Voting Machines Readily Accepted

By: Vicky Nguyen
By: Vicky Nguyen

All of Tuesday's votes were cast on new touch-screen voting machines.

As part of a federal mandate, registrars nationwide are getting millions of dollars to upgrade their systems.

What did voters think about the new system?

From all accounts, the response was overwhelmingly positive. Voters said it was simple, fast, and problem-free.

Sparks voters were the first in Northern Nevada to try out the touch screen system.

"it was really fast. I really like that I was in and out," said voter Charlene Courtney.

Others were impressed by the savings for the county and the environmental bonus of not using so much extra paper. Said voter Beth Wittock: "This'll be more cost effective way to go."
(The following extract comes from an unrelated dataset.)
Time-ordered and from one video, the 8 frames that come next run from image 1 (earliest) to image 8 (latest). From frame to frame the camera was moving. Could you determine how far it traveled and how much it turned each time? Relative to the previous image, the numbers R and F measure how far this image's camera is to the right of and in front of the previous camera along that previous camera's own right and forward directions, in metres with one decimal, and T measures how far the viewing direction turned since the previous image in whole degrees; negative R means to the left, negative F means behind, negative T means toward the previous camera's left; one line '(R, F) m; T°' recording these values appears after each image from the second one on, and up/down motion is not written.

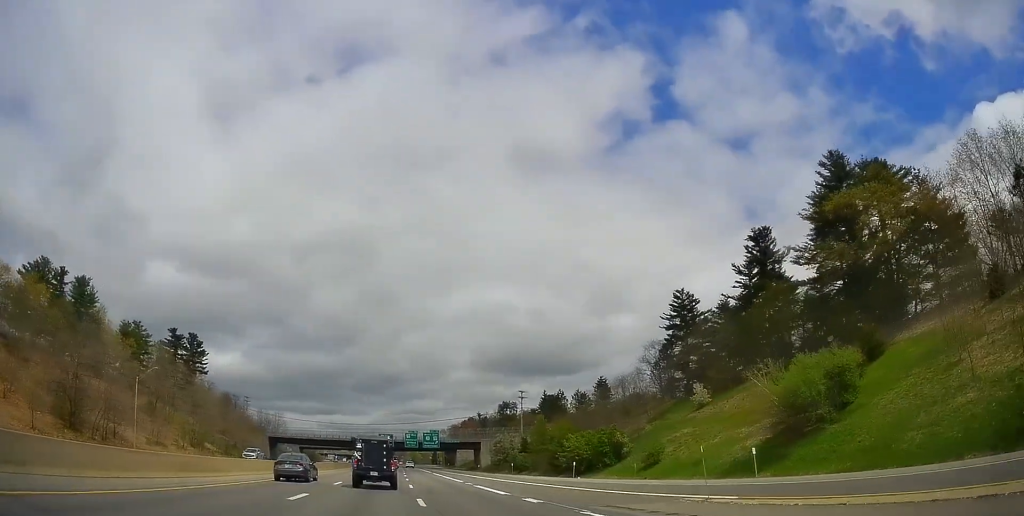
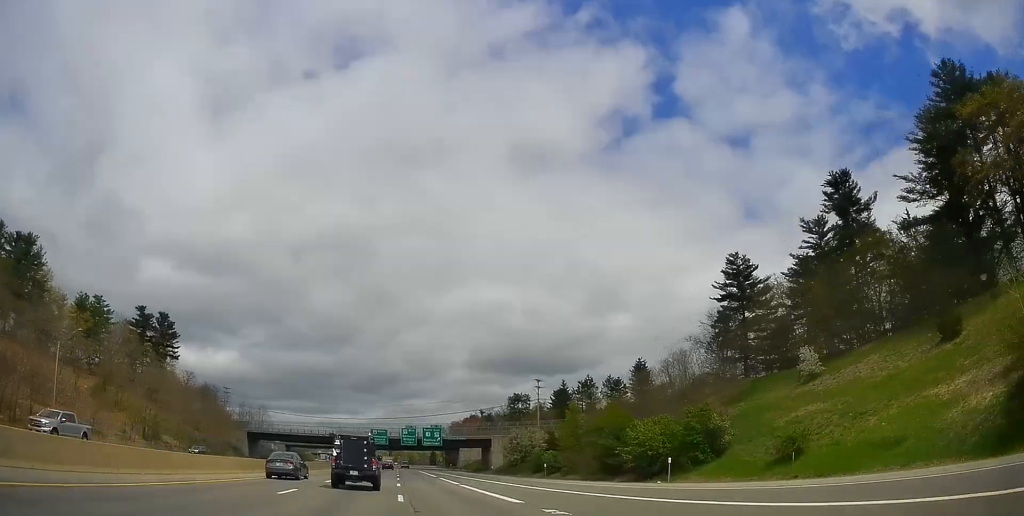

Dan Burk\Washoe County Registrar]
"In the Sparks alone it will save $13,000 for this election," said Dan Burk, Washoe County Voter Registrar. "If we use it for early voting in 2004, we could save the county $45,000."

The voting is faster but the Registrar says tallying the ballots still takes time because staffers still have to load the information into the central system.

As for early concerns that seniors might not adjust to the new technology . . . "I think it's much more simple for seniors to touch a screen than punch a hole in ballot," said voter Lester Courtney.

With no major catastrophes in the touchscreen debut, plans are underway to phase it into permanence statewide.